### Data entries
※ ※ ※

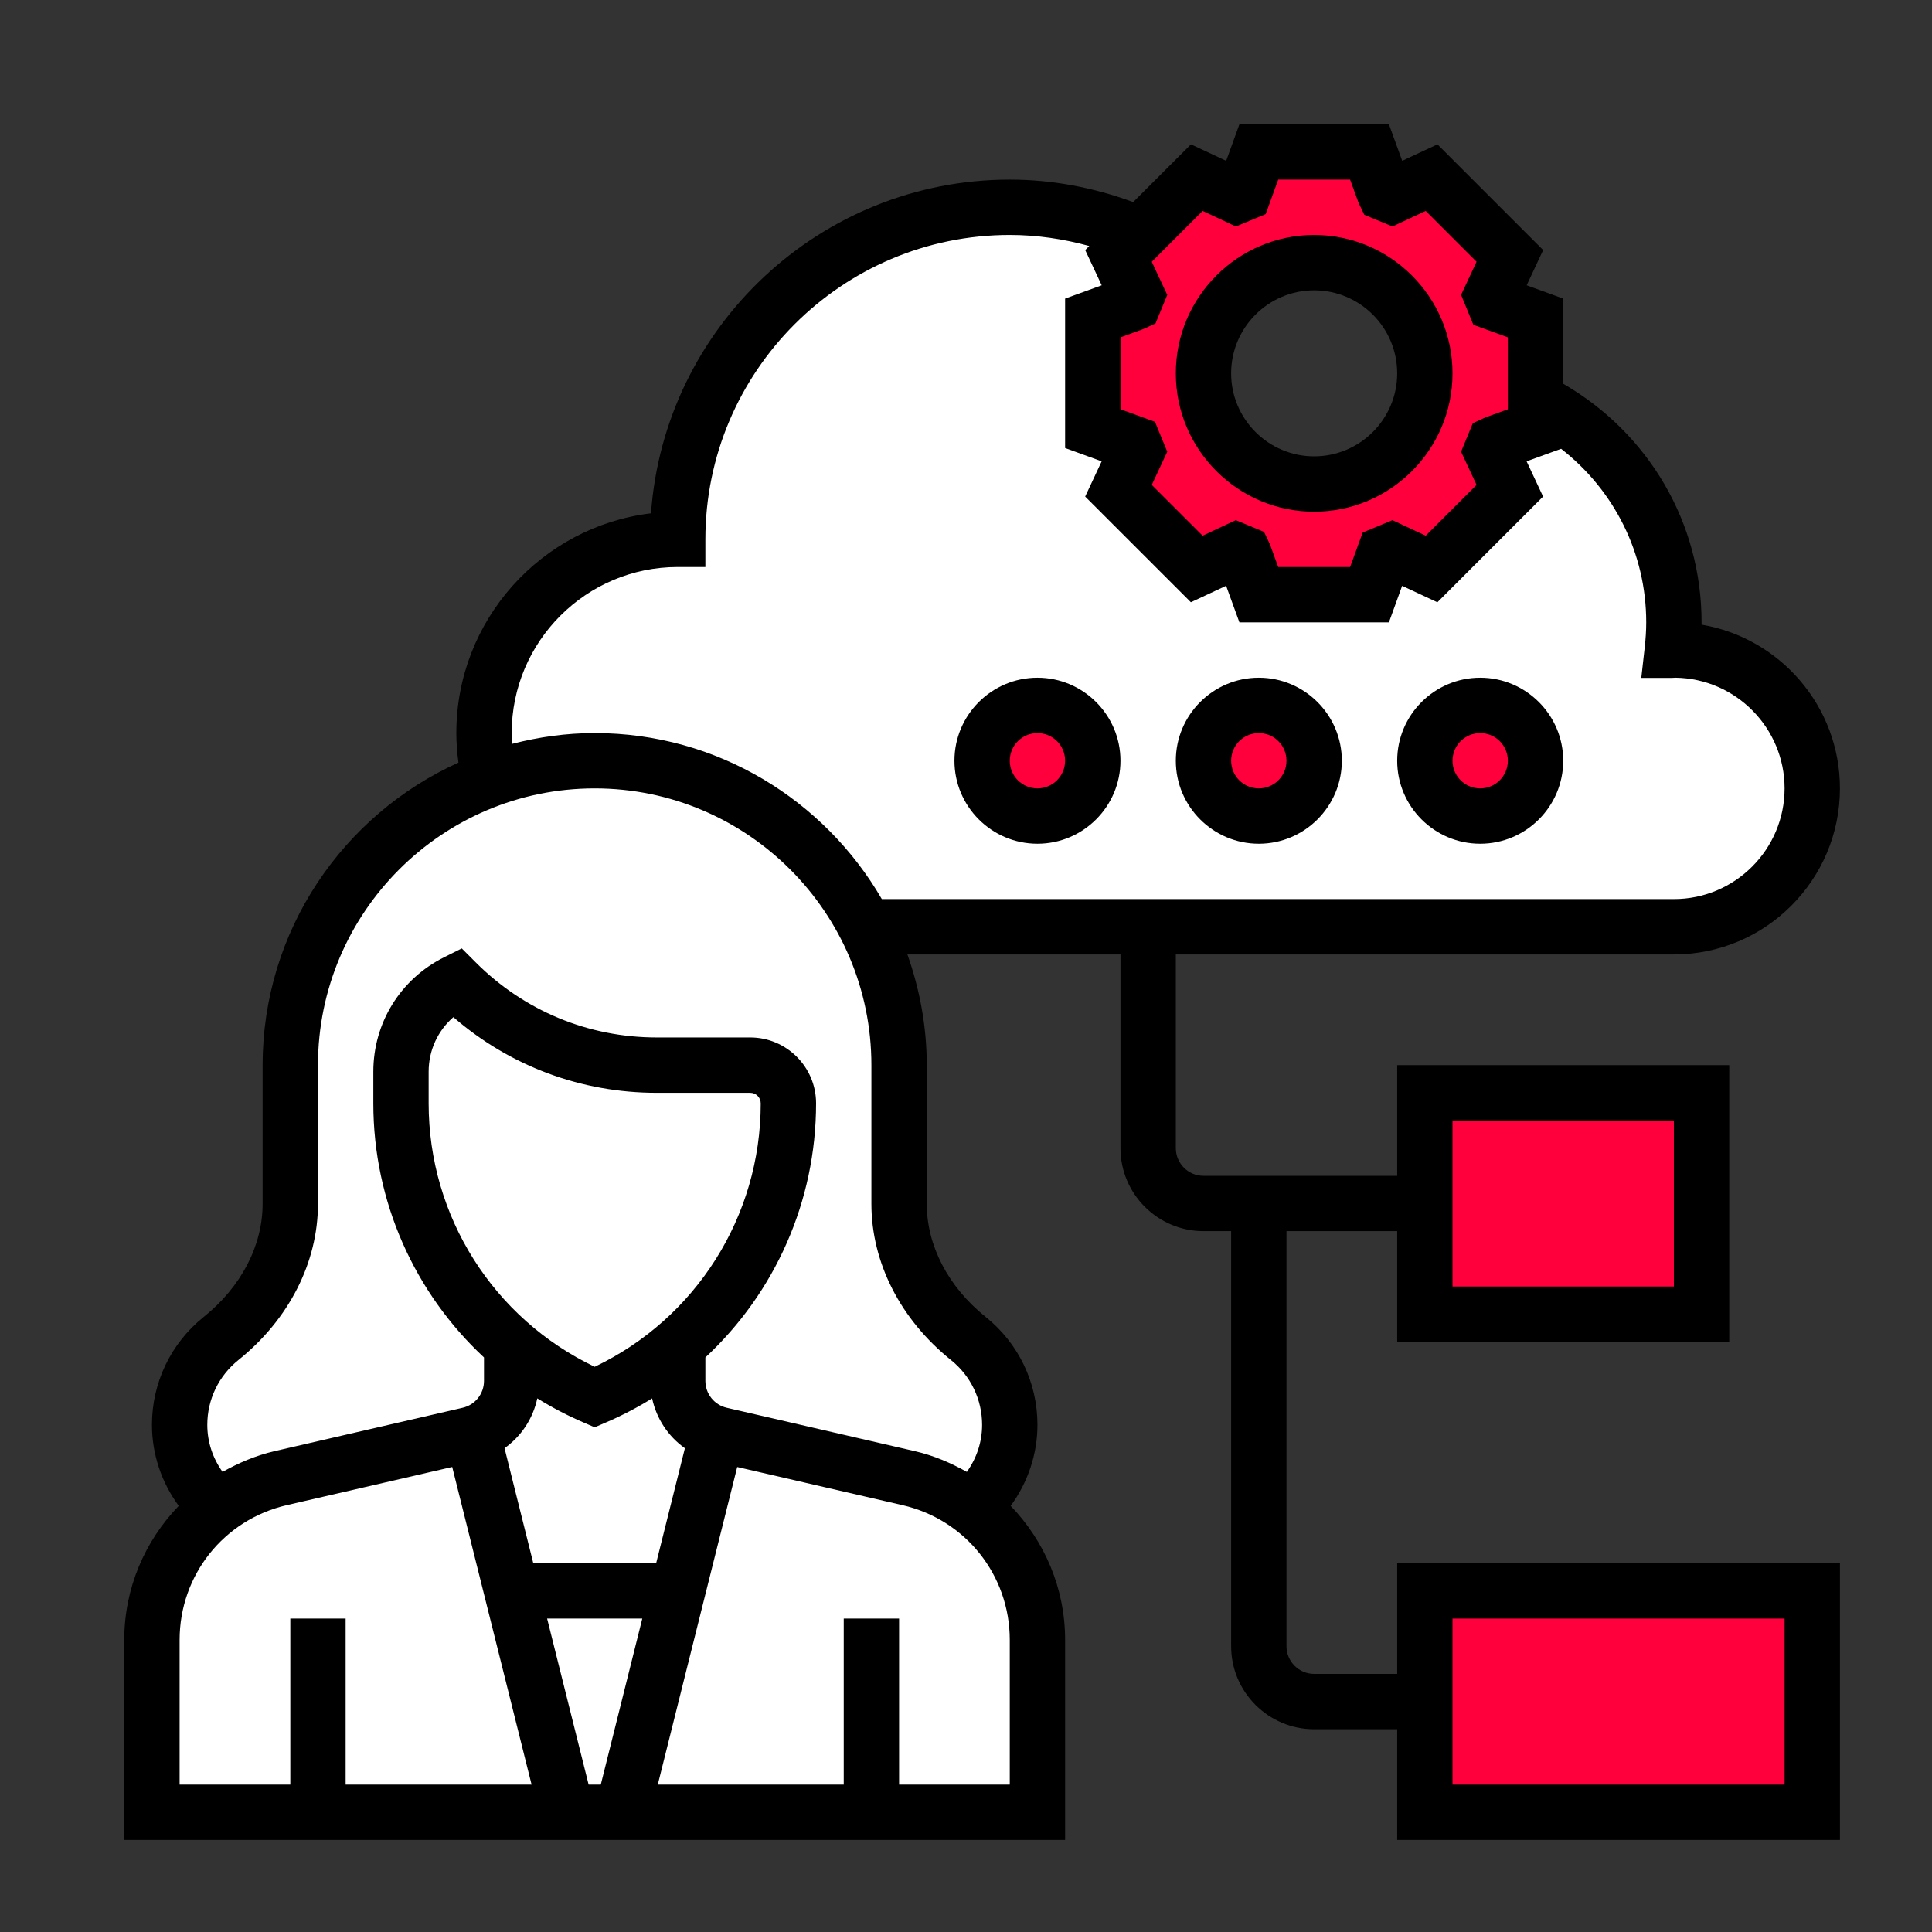 <svg width="60" height="60" viewBox="0 0 60 60" fill="none" xmlns="http://www.w3.org/2000/svg">
<rect x="0" y="0" width="60" height="60" fill="#333333" stroke="none"/>
<g clip-path="url(#clip0_69_1655)">
<mask id="mask0_69_1655" style="mask-type:luminance" maskUnits="userSpaceOnUse" x="3" y="3" width="55" height="55">
<path d="M58 3H3V58H58V3Z" fill="white"/>
</mask>
<g mask="url(#mask0_69_1655)">
<path d="M56.281 49.406V56.281H44.25V52.844V49.406H56.281Z" fill="#FF003C"/>
<path d="M52.844 33.938V40.812H44.25V37.375V33.938H52.844Z" fill="#FF003C"/>
<path d="M51.984 20.188C54.356 20.188 56.281 22.113 56.281 24.484C56.281 26.856 54.356 28.781 51.984 28.781H35.656H26.891C25.326 25.722 22.147 23.625 18.469 23.625C17.317 23.625 16.217 23.831 15.203 24.209V24.201C15.091 23.745 15.031 23.264 15.031 22.766C15.031 19.44 17.721 16.75 21.047 16.75C21.047 11.052 25.662 6.438 31.359 6.438C32.803 6.438 34.169 6.738 35.407 7.271L35.416 7.28L34.737 7.95L35.304 9.17C35.27 9.248 35.244 9.334 35.209 9.411L33.938 9.875V13.312L35.209 13.777C35.244 13.854 35.27 13.94 35.304 14.017L34.737 15.238L37.169 17.669L38.389 17.102C38.466 17.137 38.552 17.163 38.63 17.197L39.094 18.469H42.531L42.995 17.197C43.073 17.163 43.159 17.137 43.236 17.102L44.456 17.669L46.888 15.238L46.321 14.017C46.355 13.94 46.381 13.854 46.416 13.777L47.688 13.312V12.41C50.231 13.673 51.984 16.294 51.984 19.328C51.984 19.62 51.967 19.913 51.933 20.196C51.95 20.196 51.967 20.188 51.984 20.188Z" fill="white"/>
<path d="M47.688 12.41V13.312L46.416 13.777C46.381 13.854 46.355 13.94 46.321 14.017L46.888 15.238L44.456 17.669L43.236 17.102C43.159 17.137 43.073 17.163 42.995 17.197L42.531 18.469H39.094L38.63 17.197C38.552 17.163 38.466 17.137 38.389 17.102L37.169 17.669L34.737 15.238L35.304 14.017C35.27 13.94 35.244 13.854 35.209 13.777L33.938 13.312V9.875L35.209 9.411C35.244 9.334 35.27 9.248 35.304 9.17L34.737 7.95L35.416 7.28L37.169 5.518L38.389 6.085C38.466 6.051 38.552 6.025 38.63 5.991L39.094 4.719H42.531L42.995 5.991C43.073 6.025 43.159 6.051 43.236 6.085L44.456 5.518L46.888 7.95L46.321 9.17C46.355 9.248 46.381 9.334 46.416 9.411L47.688 9.875V12.41ZM44.25 11.594C44.25 9.695 42.712 8.156 40.812 8.156C38.913 8.156 37.375 9.695 37.375 11.594C37.375 13.493 38.913 15.031 40.812 15.031C42.712 15.031 44.25 13.493 44.25 11.594Z" fill="#FF003C"/>
<path d="M45.969 25.344C46.918 25.344 47.688 24.574 47.688 23.625C47.688 22.676 46.918 21.906 45.969 21.906C45.02 21.906 44.25 22.676 44.25 23.625C44.25 24.574 45.02 25.344 45.969 25.344Z" fill="#FF003C"/>
<path d="M39.094 25.344C40.043 25.344 40.812 24.574 40.812 23.625C40.812 22.676 40.043 21.906 39.094 21.906C38.145 21.906 37.375 22.676 37.375 23.625C37.375 24.574 38.145 25.344 39.094 25.344Z" fill="#FF003C"/>
<path d="M32.219 25.344C33.168 25.344 33.938 24.574 33.938 23.625C33.938 22.676 33.168 21.906 32.219 21.906C31.27 21.906 30.5 22.676 30.5 23.625C30.5 24.574 31.27 25.344 32.219 25.344Z" fill="#FF003C"/>
<path d="M30.174 46.828C30.182 46.819 30.182 46.819 30.182 46.828C31.437 47.773 32.219 49.277 32.219 50.927V56.281H27.062H19.328L21.047 49.406L22.267 44.525C22.302 44.542 22.345 44.551 22.379 44.559L28.223 45.908C28.953 46.072 29.606 46.39 30.174 46.828Z" fill="white"/>
<path d="M31.359 44.25C31.359 45.281 30.904 46.184 30.182 46.828C30.182 46.819 30.182 46.819 30.174 46.828C29.606 46.39 28.953 46.072 28.223 45.909L22.379 44.559C22.345 44.551 22.302 44.542 22.267 44.525C21.545 44.31 21.047 43.64 21.047 42.884V42.145L20.875 41.921C21.64 41.294 22.302 40.555 22.843 39.73C23.891 38.14 24.484 36.249 24.484 34.264C24.484 33.611 23.952 33.078 23.299 33.078H20.394C19.225 33.078 18.091 32.846 17.025 32.408C15.968 31.97 14.997 31.325 14.172 30.5C13.115 31.024 12.453 32.107 12.453 33.284V34.264C12.453 37.272 13.811 40.065 16.062 41.921L15.891 42.145V42.884C15.891 43.64 15.392 44.31 14.67 44.525C14.636 44.542 14.593 44.551 14.559 44.559L8.715 45.909C7.984 46.072 7.331 46.39 6.764 46.828C6.755 46.819 6.755 46.819 6.755 46.828C6.034 46.184 5.578 45.281 5.578 44.25C5.578 43.167 6.077 42.196 6.867 41.569C8.156 40.529 9.016 39.042 9.016 37.384V33.078C9.016 30.466 10.073 28.102 11.783 26.392C12.737 25.438 13.905 24.682 15.203 24.209C16.217 23.831 17.317 23.625 18.469 23.625C22.147 23.625 25.326 25.722 26.891 28.781C27.552 30.07 27.922 31.531 27.922 33.078V37.384C27.922 39.042 28.781 40.529 30.07 41.569C30.861 42.196 31.359 43.167 31.359 44.25Z" fill="white"/>
<path d="M23.299 33.078C23.952 33.078 24.484 33.611 24.484 34.264C24.484 36.249 23.891 38.14 22.843 39.73C22.302 40.555 21.64 41.294 20.875 41.921C20.153 42.514 19.345 43.013 18.469 43.391C17.592 43.013 16.784 42.514 16.062 41.921C13.811 40.065 12.453 37.272 12.453 34.264V33.284C12.453 32.107 13.115 31.024 14.172 30.5C14.997 31.325 15.968 31.97 17.025 32.408C18.091 32.846 19.225 33.078 20.394 33.078H23.299Z" fill="white"/>
<path d="M22.267 44.525L21.046 49.406H15.89L14.67 44.525C15.392 44.31 15.89 43.64 15.89 42.883V42.144L16.062 41.921C16.784 42.514 17.591 43.012 18.468 43.39C19.345 43.012 20.152 42.514 20.874 41.921L21.046 42.144V42.883C21.046 43.64 21.545 44.31 22.267 44.525Z" fill="white"/>
<path d="M21.047 49.406L19.328 56.281H17.609L15.891 49.406H21.047Z" fill="white"/>
<path d="M6.764 46.828C7.331 46.39 7.984 46.072 8.715 45.908L14.559 44.559C14.593 44.551 14.636 44.542 14.67 44.525L15.891 49.406L17.609 56.281H9.875H4.719V50.927C4.719 49.277 5.501 47.773 6.755 46.828C6.755 46.819 6.755 46.819 6.764 46.828Z" fill="white"/>
<path d="M40.812 15.891C43.182 15.891 45.109 13.963 45.109 11.594C45.109 9.224 43.182 7.297 40.812 7.297C38.443 7.297 36.516 9.224 36.516 11.594C36.516 13.963 38.443 15.891 40.812 15.891ZM40.812 9.016C42.234 9.016 43.391 10.172 43.391 11.594C43.391 13.015 42.234 14.172 40.812 14.172C39.391 14.172 38.234 13.015 38.234 11.594C38.234 10.172 39.391 9.016 40.812 9.016Z" fill="black"/>
<path d="M43.391 51.984H40.812C40.338 51.984 39.953 51.599 39.953 51.125V38.234H43.391V41.672H53.703V33.078H43.391V36.516H37.375C36.901 36.516 36.516 36.13 36.516 35.656V29.641H51.984C54.828 29.641 57.141 27.328 57.141 24.484C57.141 21.934 55.279 19.81 52.844 19.399C52.844 19.375 52.844 19.351 52.844 19.328C52.844 16.236 51.203 13.455 48.547 11.918V9.273L47.412 8.86L47.924 7.766L44.641 4.483L43.547 4.995L43.134 3.859H38.491L38.08 4.995L36.986 4.483L35.192 6.276C33.959 5.822 32.675 5.578 31.359 5.578C25.471 5.578 20.633 10.157 20.217 15.941C16.815 16.352 14.172 19.256 14.172 22.766C14.172 23.073 14.197 23.379 14.238 23.683C10.658 25.302 8.156 28.901 8.156 33.078V37.384C8.156 38.685 7.49 39.965 6.327 40.898C5.306 41.718 4.719 42.94 4.719 44.25C4.719 45.158 5.016 46.038 5.551 46.766C4.501 47.855 3.859 49.319 3.859 50.93V57.141H33.078V50.93C33.078 49.319 32.436 47.855 31.387 46.766C31.921 46.038 32.219 45.158 32.219 44.25C32.219 42.94 31.632 41.718 30.61 40.898C29.447 39.965 28.781 38.684 28.781 37.384V33.078C28.781 31.872 28.562 30.717 28.18 29.641H34.797V35.656C34.797 37.078 35.954 38.234 37.375 38.234H38.234V51.125C38.234 52.546 39.391 53.703 40.812 53.703H43.391V57.141H57.141V48.547H43.391V51.984ZM45.109 34.797H51.984V39.953H45.109V34.797ZM37.349 6.55L38.381 7.033L39.307 6.649L39.696 5.578H41.929L42.187 6.285L42.369 6.67L43.245 7.033L44.277 6.55L45.856 8.129L45.375 9.158L45.757 10.087L46.828 10.477V12.711L46.121 12.968L45.74 13.143L45.375 14.029L45.856 15.059L44.277 16.637L43.245 16.154L42.319 16.539L41.929 17.609H39.696L39.438 16.902L39.256 16.518L38.38 16.154L37.348 16.637L35.769 15.059L36.25 14.029L35.868 13.1L34.797 12.71V10.477L35.504 10.22L35.885 10.045L36.25 9.159L35.769 8.13L37.349 6.55ZM5.578 50.93C5.578 48.917 6.948 47.196 8.908 46.743L14.044 45.558L16.509 55.422H10.734V50.266H9.016V55.422H5.578V50.93ZM18.469 42.447C15.324 40.946 13.312 37.775 13.312 34.267V33.281C13.312 32.618 13.597 32.008 14.08 31.588C15.834 33.108 18.051 33.938 20.395 33.938H23.299C23.479 33.938 23.625 34.084 23.625 34.267C23.625 37.776 21.613 40.946 18.469 42.447ZM18.13 44.18L18.469 44.326L18.807 44.18C19.313 43.964 19.795 43.711 20.252 43.428C20.387 44.06 20.752 44.608 21.27 44.976L20.377 48.547H16.562L15.669 44.975C16.186 44.607 16.551 44.06 16.686 43.428C17.144 43.711 17.626 43.964 18.13 44.18ZM19.947 50.266L18.658 55.422H18.28L16.991 50.266H19.947ZM31.359 55.422H27.922V50.266H26.203V55.422H20.428L22.895 45.559L28.029 46.744C29.989 47.196 31.359 48.917 31.359 50.93V55.422ZM29.534 42.238C30.148 42.731 30.5 43.464 30.5 44.25C30.5 44.783 30.331 45.284 30.026 45.711C29.529 45.431 28.996 45.202 28.415 45.068L22.571 43.72C22.18 43.63 21.906 43.285 21.906 42.883V42.157C24.059 40.154 25.344 37.319 25.344 34.264C25.344 33.136 24.427 32.219 23.299 32.219H20.395C18.274 32.219 16.28 31.393 14.779 29.892L14.341 29.454L13.787 29.731C12.435 30.408 11.594 31.768 11.594 33.281V34.267C11.594 37.32 12.879 40.154 15.031 42.157V42.883C15.031 43.285 14.758 43.63 14.366 43.72L8.522 45.068C7.941 45.203 7.409 45.432 6.912 45.711C6.607 45.284 6.438 44.783 6.438 44.25C6.438 43.464 6.79 42.731 7.403 42.238C8.974 40.977 9.875 39.208 9.875 37.384V33.078C9.875 28.34 13.73 24.484 18.469 24.484C23.207 24.484 27.062 28.34 27.062 33.078V37.384C27.062 39.208 27.963 40.977 29.534 42.238ZM18.469 22.766C17.584 22.766 16.73 22.889 15.91 23.1C15.904 22.988 15.891 22.877 15.891 22.766C15.891 19.922 18.203 17.609 21.047 17.609H21.906V16.75C21.906 11.538 26.147 7.297 31.359 7.297C32.199 7.297 33.024 7.419 33.828 7.64L33.702 7.766L34.214 8.86L33.078 9.273V13.914L34.213 14.327L33.701 15.421L36.984 18.703L38.078 18.192L38.491 19.328H43.134L43.545 18.193L44.639 18.704L47.922 15.421L47.41 14.327L48.482 13.938C50.132 15.225 51.125 17.182 51.125 19.328C51.125 19.589 51.107 19.845 51.079 20.097L50.972 21.052H51.933L52.037 21.047C53.908 21.075 55.422 22.607 55.422 24.484C55.422 26.38 53.88 27.922 51.984 27.922H27.386C25.6 24.844 22.276 22.766 18.469 22.766ZM45.109 50.266H55.422V55.422H45.109V50.266Z" fill="black"/>
<path d="M32.219 21.047C30.797 21.047 29.641 22.204 29.641 23.625C29.641 25.046 30.797 26.203 32.219 26.203C33.64 26.203 34.797 25.046 34.797 23.625C34.797 22.204 33.64 21.047 32.219 21.047ZM32.219 24.484C31.744 24.484 31.359 24.099 31.359 23.625C31.359 23.151 31.744 22.766 32.219 22.766C32.693 22.766 33.078 23.151 33.078 23.625C33.078 24.099 32.693 24.484 32.219 24.484Z" fill="black"/>
<path d="M39.094 21.047C37.672 21.047 36.516 22.204 36.516 23.625C36.516 25.046 37.672 26.203 39.094 26.203C40.515 26.203 41.672 25.046 41.672 23.625C41.672 22.204 40.515 21.047 39.094 21.047ZM39.094 24.484C38.619 24.484 38.234 24.099 38.234 23.625C38.234 23.151 38.619 22.766 39.094 22.766C39.568 22.766 39.953 23.151 39.953 23.625C39.953 24.099 39.568 24.484 39.094 24.484Z" fill="black"/>
<path d="M45.969 21.047C44.547 21.047 43.391 22.204 43.391 23.625C43.391 25.046 44.547 26.203 45.969 26.203C47.39 26.203 48.547 25.046 48.547 23.625C48.547 22.204 47.39 21.047 45.969 21.047ZM45.969 24.484C45.494 24.484 45.109 24.099 45.109 23.625C45.109 23.151 45.494 22.766 45.969 22.766C46.443 22.766 46.828 23.151 46.828 23.625C46.828 24.099 46.443 24.484 45.969 24.484Z" fill="black"/>
</g>
</g>
<defs>
<clipPath id="clip0_69_1655">
<rect width="55" height="55" fill="white" transform="translate(3 3)"/>
</clipPath>
</defs>
</svg>

※ ※ ※

### TO DO
Find and copy each line above holding "rect".

### RESPONSE BELOW
<rect x="0" y="0" width="60" height="60" fill="#333333" stroke="none"/>
<rect width="55" height="55" fill="white" transform="translate(3 3)"/>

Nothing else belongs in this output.